PROOF: Quantum Fidelity with pure states

[Alex Dingo]

Hi, I'm currently working on showing the relation of quantum fidelity:

The quantum “fidelity” between two pure states ρ1 = |ψ1⟩⟨ψ1| and ρ2 = |ψ2⟩⟨ψ2| is given by |⟨ψ1|ψ2⟩|^2.
Show that this quantity may be written as Tr(ρ1ρ2).

I've been following the wikipedia page on fidelity but can't understand it.

If I assume the statement is true and start from the Tr(ρ1ρ2) = Tr(|ψ1⟩⟨ψ1|ψ2⟩⟨ψ2|) I'm trying to find how I can reduce this, perhaps with summations to arrive at |⟨ψ1|ψ2⟩|^2 - can anyone suggest which direction to go in?

 

[bhobba]

Try expressing both states in the same orthonormal basis.

Thanks
Bill

 

[Alex Dingo]

Try expressing both states in the same orthonormal basis.

Thanks
Bill

Hi Bill,

If I express Ψ1=∑√(p(x))|x> and Ψ2=∑√(q(x))|x> such that they are both expressed in the basis of x and compute |⟨ψ1|ψ2⟩|^2 I find Is equal to ∑[√p(x)√q(x)]^2 <x|x> such that I am left with Σp(x)q(x) which is a summation of their probabilities over x.
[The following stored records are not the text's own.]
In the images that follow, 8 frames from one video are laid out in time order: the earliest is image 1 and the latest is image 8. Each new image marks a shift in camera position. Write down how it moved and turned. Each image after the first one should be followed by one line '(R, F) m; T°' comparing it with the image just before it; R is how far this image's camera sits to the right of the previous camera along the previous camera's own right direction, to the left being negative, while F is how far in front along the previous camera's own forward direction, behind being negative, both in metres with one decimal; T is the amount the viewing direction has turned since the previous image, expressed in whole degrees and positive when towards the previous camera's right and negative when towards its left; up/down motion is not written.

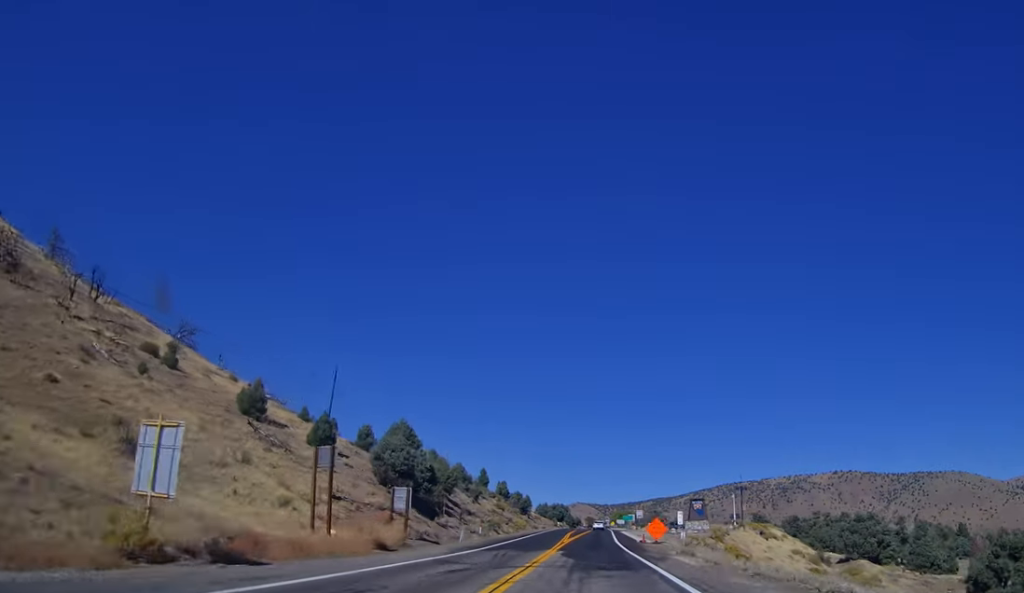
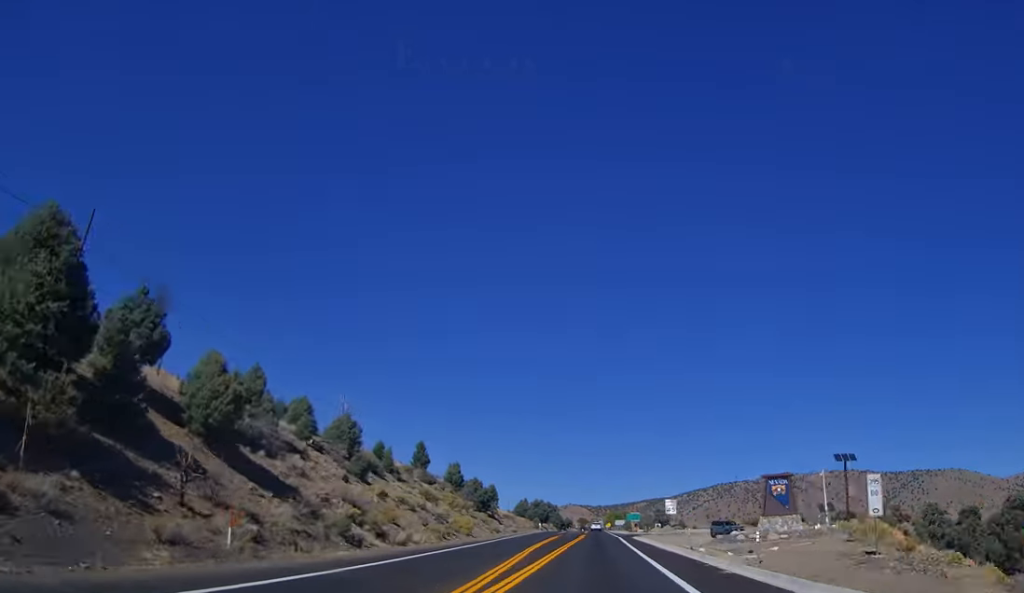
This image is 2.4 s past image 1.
(+0.3, +45.3) m; 0°
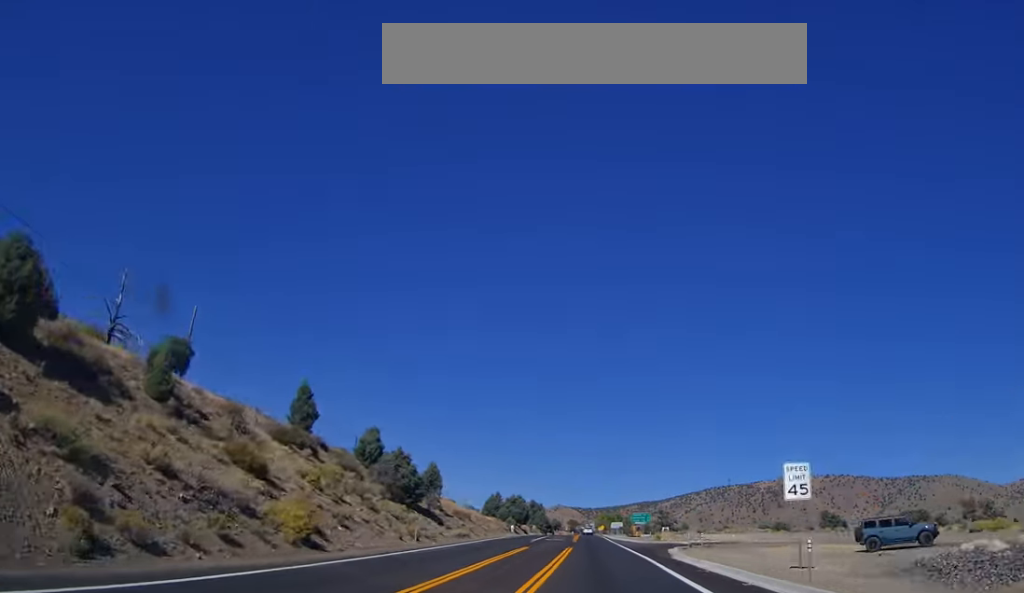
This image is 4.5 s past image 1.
(0.0, +37.0) m; 0°
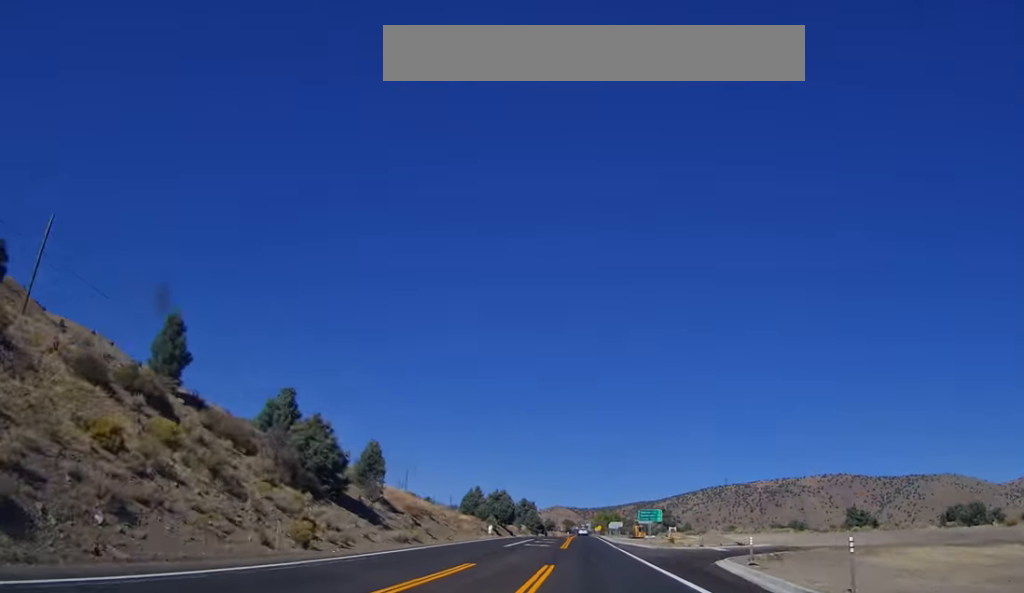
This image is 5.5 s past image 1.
(0.0, +18.7) m; 0°
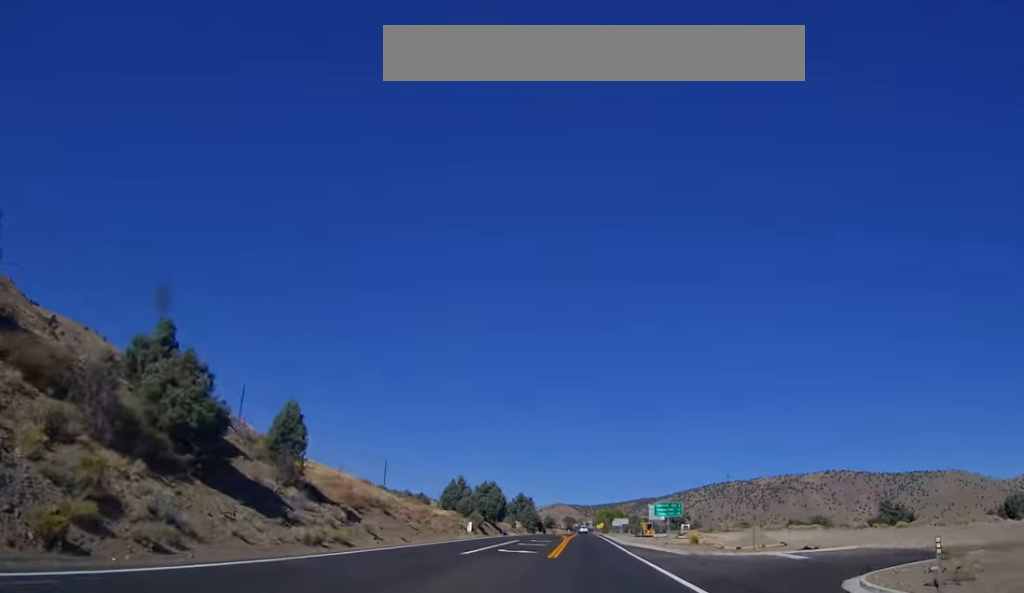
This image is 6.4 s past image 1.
(0.0, +15.1) m; 0°
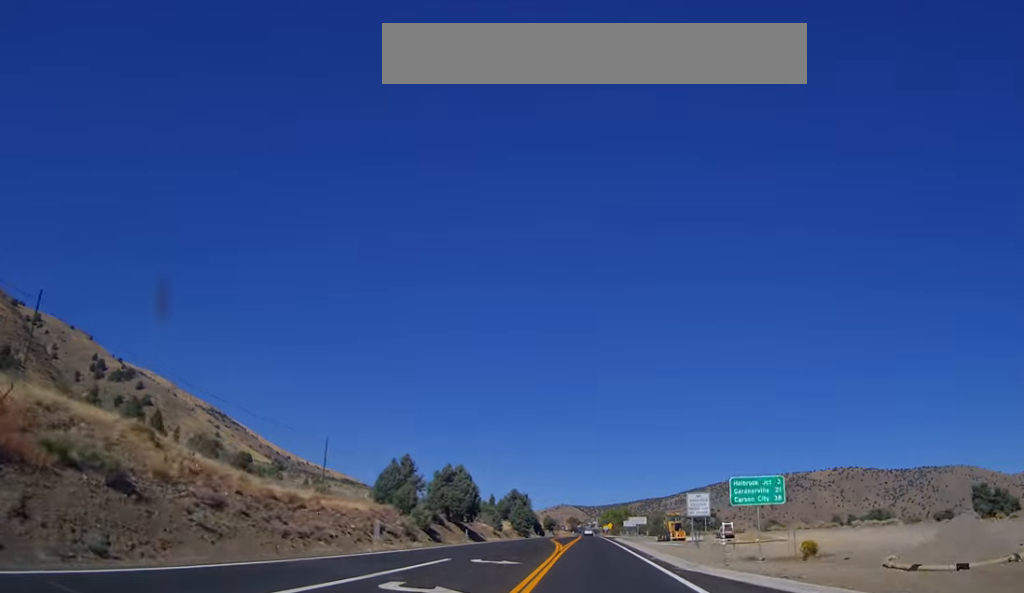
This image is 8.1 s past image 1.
(0.0, +29.2) m; 0°
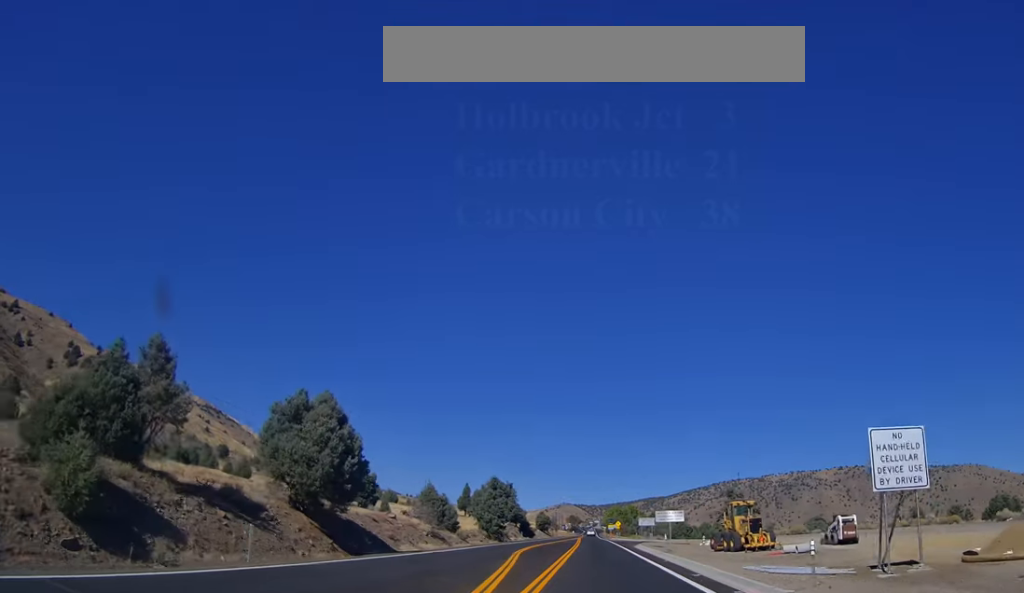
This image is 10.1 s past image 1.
(0.0, +37.5) m; 0°
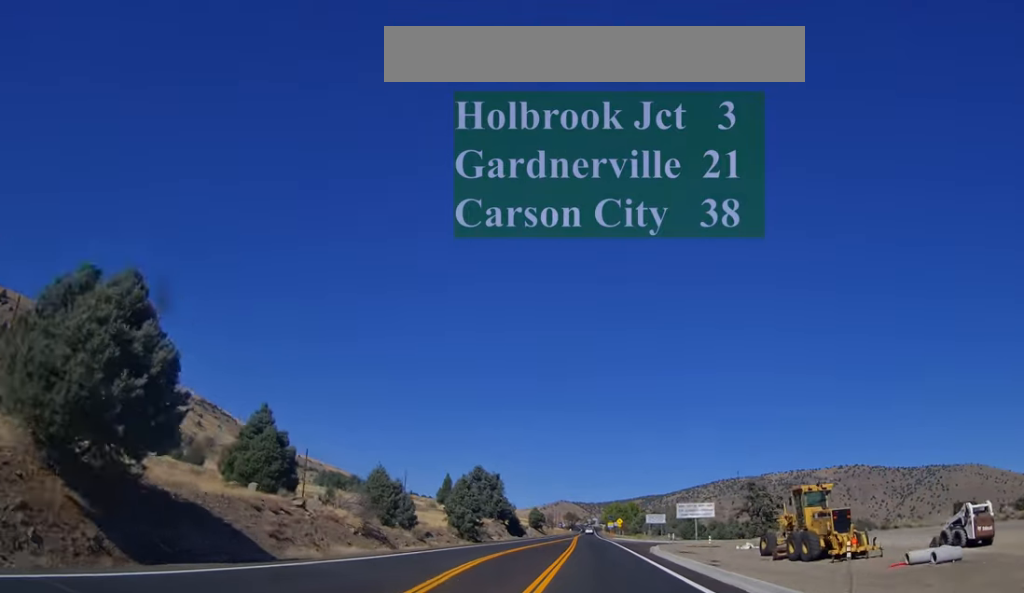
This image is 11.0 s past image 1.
(0.0, +16.1) m; 0°

Can I then relate the relation that the sum of p(x) and p(x) is 1 to make the link between the final result of Tr(p1p2) or have I made a mistake?
Thanks,
Alex.

 

[DrClaude]

If I express Ψ1=∑√(p(x))|x> and Ψ2=∑√(q(x))|x> such that they are both expressed in the basis of x and compute |⟨ψ1|ψ2⟩|^2 I find Is equal to ∑[√p(x)√q(x)]^2 <x|x> such that I am left with Σp(x)q(x) which is a summation of their probabilities over x.
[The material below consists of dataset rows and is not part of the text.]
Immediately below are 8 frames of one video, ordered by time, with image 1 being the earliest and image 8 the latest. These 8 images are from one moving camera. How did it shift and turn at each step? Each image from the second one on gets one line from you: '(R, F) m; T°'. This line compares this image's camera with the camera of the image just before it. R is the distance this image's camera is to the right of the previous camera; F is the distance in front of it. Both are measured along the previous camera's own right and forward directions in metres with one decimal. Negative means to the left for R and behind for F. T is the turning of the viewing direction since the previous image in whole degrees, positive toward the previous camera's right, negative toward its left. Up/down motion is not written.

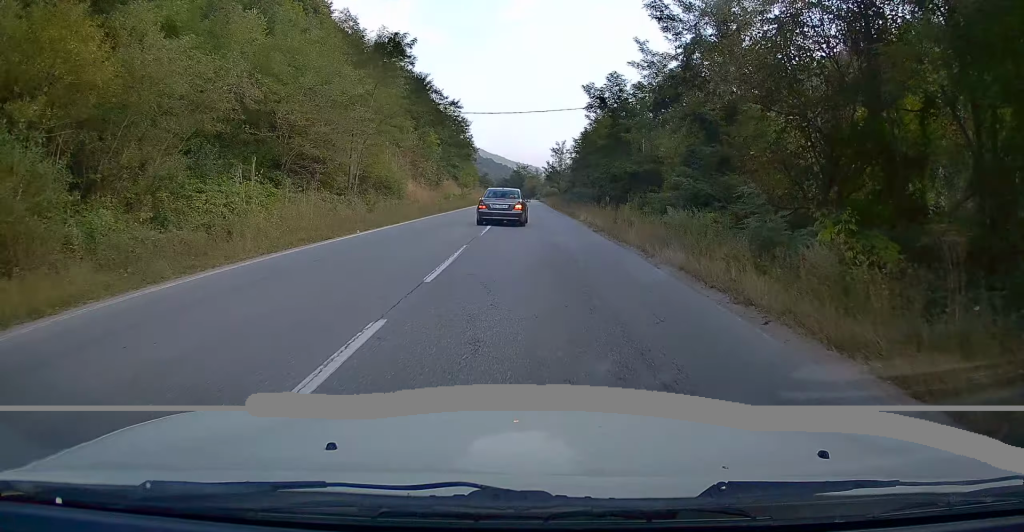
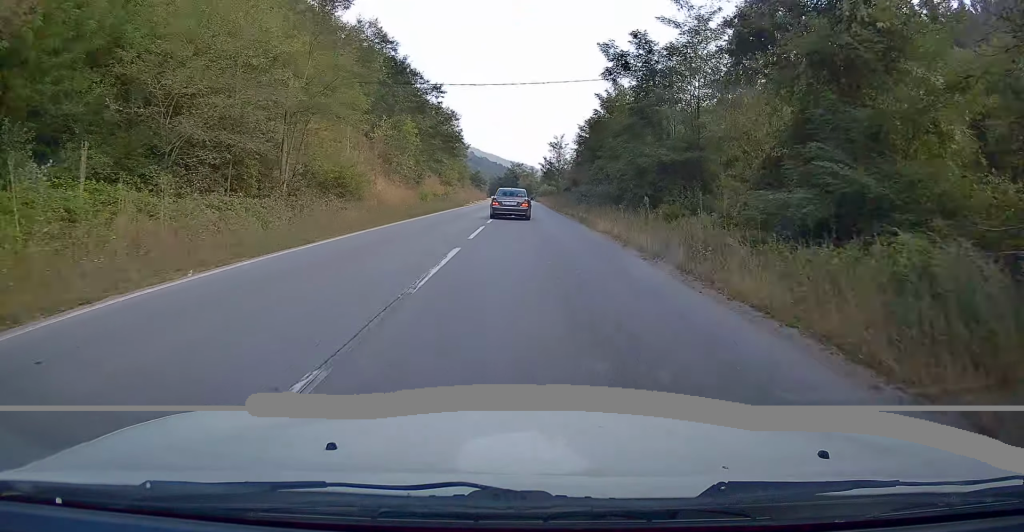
(0.0, +10.4) m; 0°
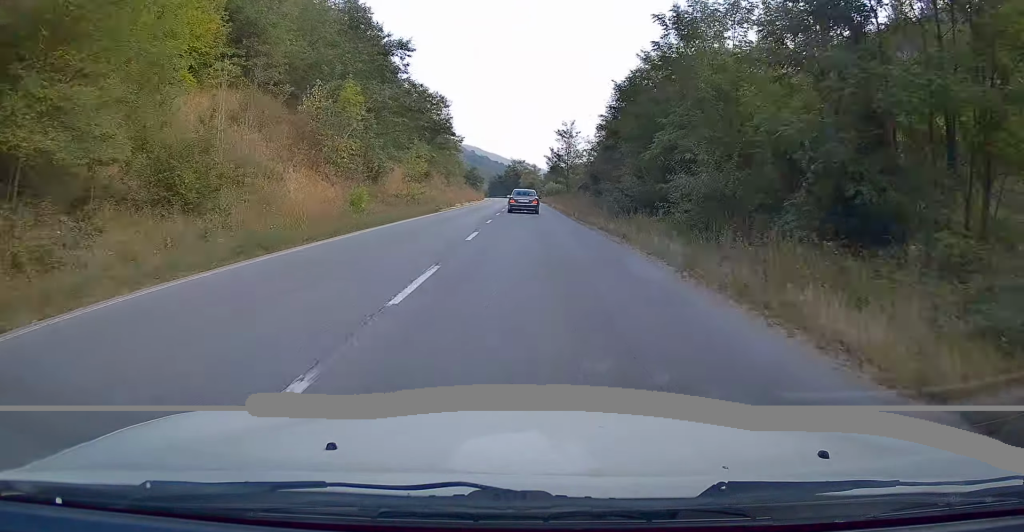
(0.0, +18.4) m; 0°
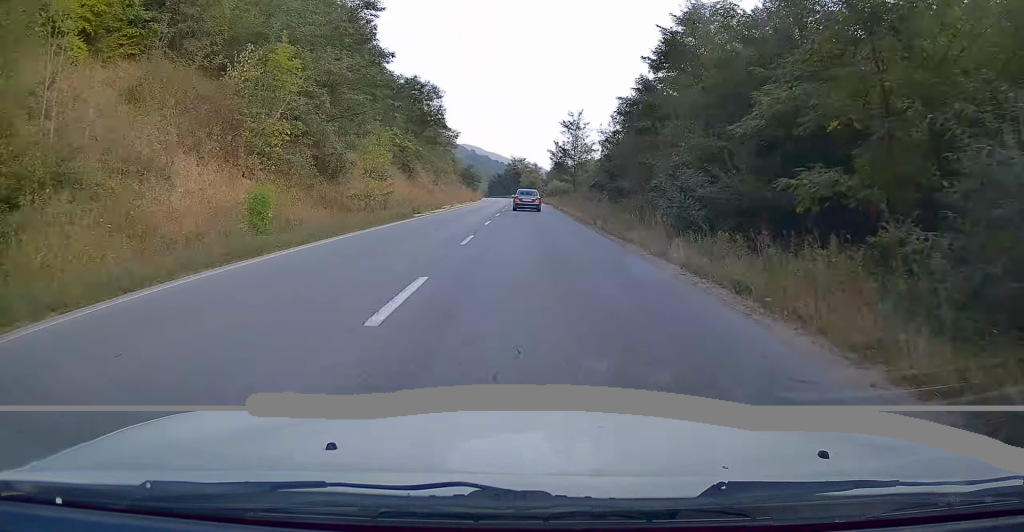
(0.0, +10.0) m; 0°
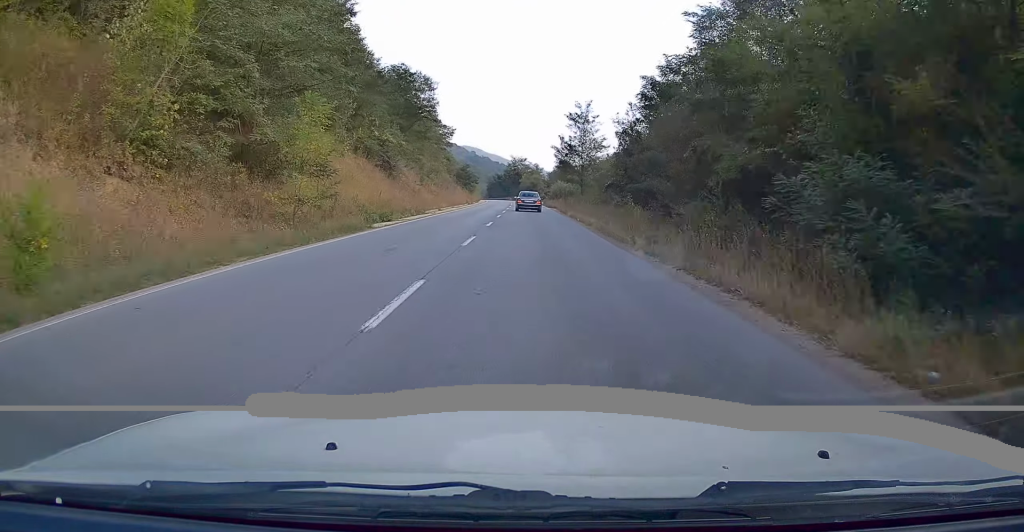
(0.0, +8.7) m; 0°
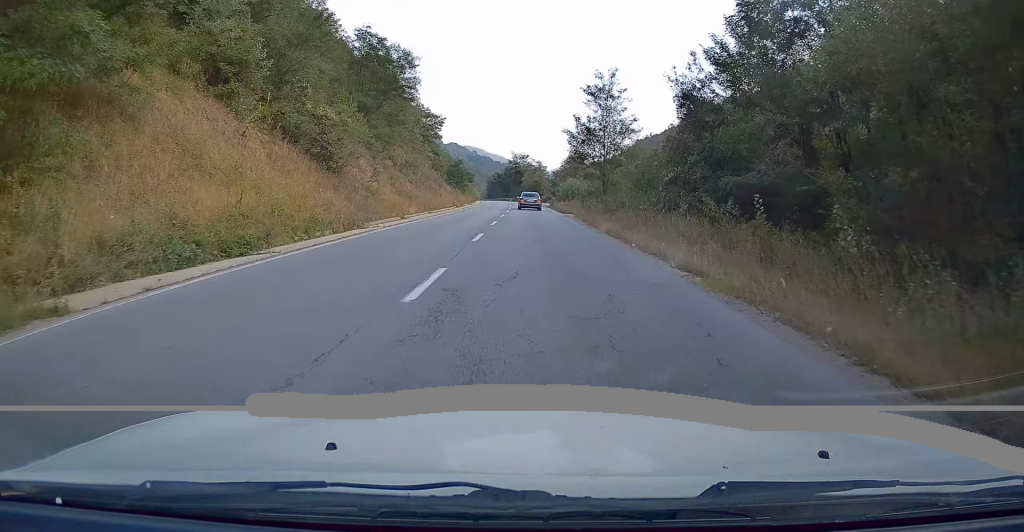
(0.0, +16.3) m; 0°
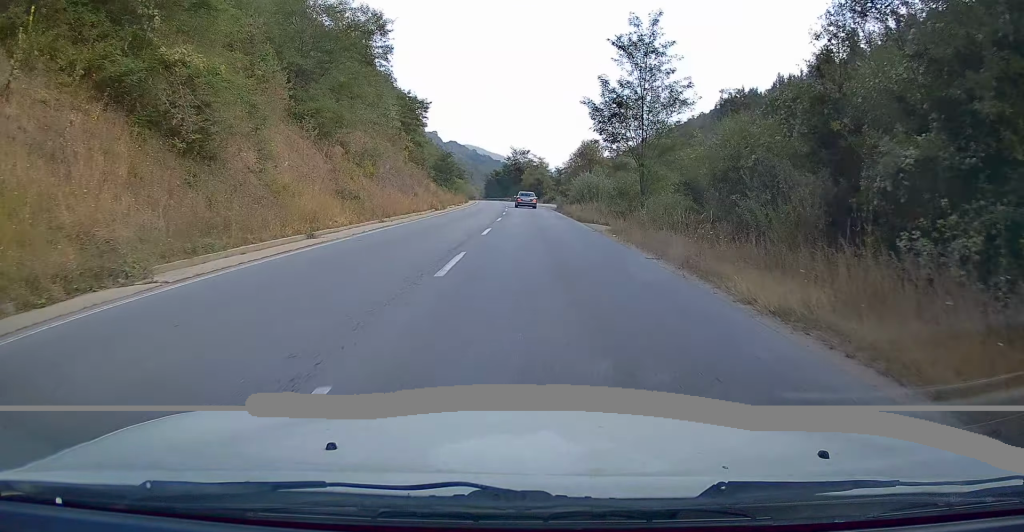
(0.0, +15.2) m; 0°
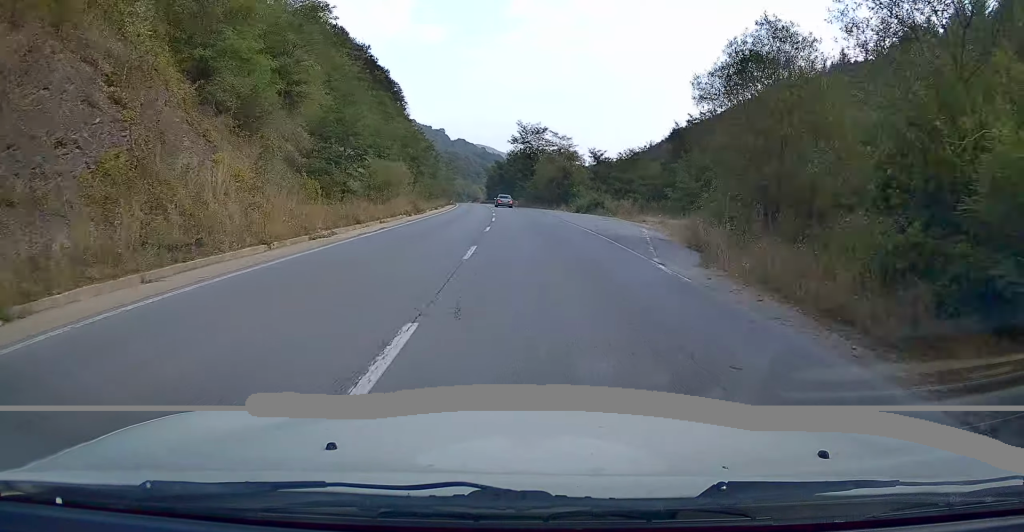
(-0.2, +51.3) m; -1°

First, get rid of those square roots, which don't make any sense, since the expansion coefficients are complex numbers:
$$
\psi_1 = \sum_n p_n | n \rangle
$$
with $p_n \in \mathbb{C}$.

After you have done that and calculated $| \langle \psi_1 | \psi_2 \rangle |^2$, do it also for the trace of $\rho_1 \rho_2$ over the same basis.

 

[Alex Dingo]

First, get rid of those square roots, which don't make any sense, since the expansion coefficients are complex numbers:
$$
\psi_1 = \sum_n p_n | n \rangle
$$
with $p_n \in \mathbb{C}$.

After you have done that and calculated $| \langle \psi_1 | \psi_2 \rangle |^2$, do it also for the trace of $\rho_1 \rho_2$ over the same basis.

Hi DrCloud,

So the result for calculating $| \langle \psi_1 | \psi_2 \rangle |^2$ I found it equat to $\Sigma p^2_n q^2_n$. As for the calculation with the trace. I find
$Tr(\rho_1 \rho_2) = Tr(\langle n | \Sigma p^2_n |n\rangle \langle n | \Sigma q^2_n |n\rangle$

From this point I can take the summations outside the trace and which leave $\Sigma p^2_n q^2_n Tr( \langle n|n \rangle \langle n|n \rangle)$
Although this final result with a number inside the trace I'm not sure I've done correctly.

Thanks,
Alex.

 

[DrClaude]

From this point I can take the summations outside the trace and which leave $\Sigma p^2_n q^2_n Tr( \langle n|n \rangle \langle n|n \rangle)$
Although this final result with a number inside the trace I'm not sure I've done correctly.

You seem to be holding on too long to the trace operation. Consider
$$
\mathrm{Tr}(\hat{A}) = \sum_n \langle n | \hat{A} | n \rangle
$$

 

[Alex Dingo]

You seem to be holding on too long to the trace operation. Consider
$$
\mathrm{Tr}(\hat{A}) = \sum_n \langle n | \hat{A} | n \rangle
$$

Hi,
Okay this makes more sense, I forgot about this relationship.

I have computed this with $\hat{A} = p1p2$
I find that $\mathrm{Tr}(p1p2)=\Sigma\langle n | p_n|n\rangle \langle n | p_n q_n |n \rangle \langle n| q_n | n \rangle$
which reduces to $\Sigma p_n^2 q_n^2$ as desired ?

 

[DrClaude]

I find that $\mathrm{Tr}(p1p2)=\Sigma\langle n | p_n|n\rangle \langle n | p_n q_n |n \rangle \langle n| q_n | n \rangle$

I'm not sure how you got there (that is, I can't vouch that you did everything right), but the final result is correct.